**How to complete this task**
Across the records, count every line that includes "aligned" and give the number by itself.

**Extracted entries**
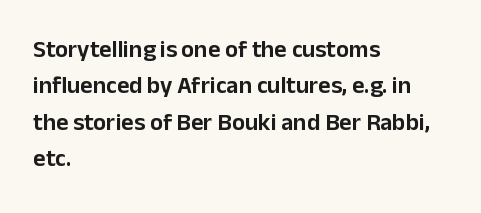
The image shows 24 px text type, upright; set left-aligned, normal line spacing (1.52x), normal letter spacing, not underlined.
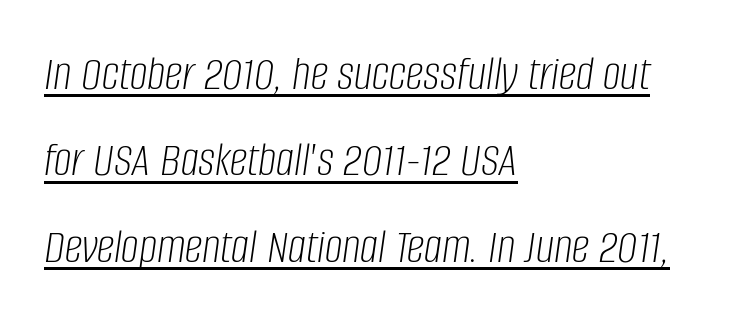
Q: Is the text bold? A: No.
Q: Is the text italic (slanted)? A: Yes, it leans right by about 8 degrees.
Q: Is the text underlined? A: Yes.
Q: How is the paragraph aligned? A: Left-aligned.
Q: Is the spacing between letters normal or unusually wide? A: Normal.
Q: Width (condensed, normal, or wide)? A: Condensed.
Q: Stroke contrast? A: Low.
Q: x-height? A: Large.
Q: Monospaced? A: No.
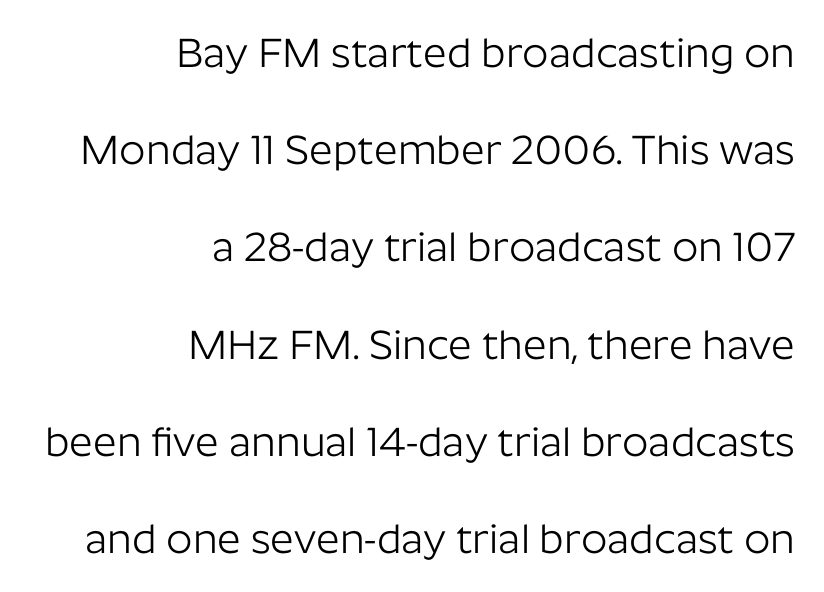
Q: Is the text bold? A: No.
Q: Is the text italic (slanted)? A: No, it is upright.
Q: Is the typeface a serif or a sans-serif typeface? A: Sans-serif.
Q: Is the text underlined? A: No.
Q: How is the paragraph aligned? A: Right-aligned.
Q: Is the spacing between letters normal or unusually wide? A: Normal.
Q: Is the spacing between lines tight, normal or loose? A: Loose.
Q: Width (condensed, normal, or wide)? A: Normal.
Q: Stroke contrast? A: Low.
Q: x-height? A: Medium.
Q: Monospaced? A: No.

**Result for this task**
3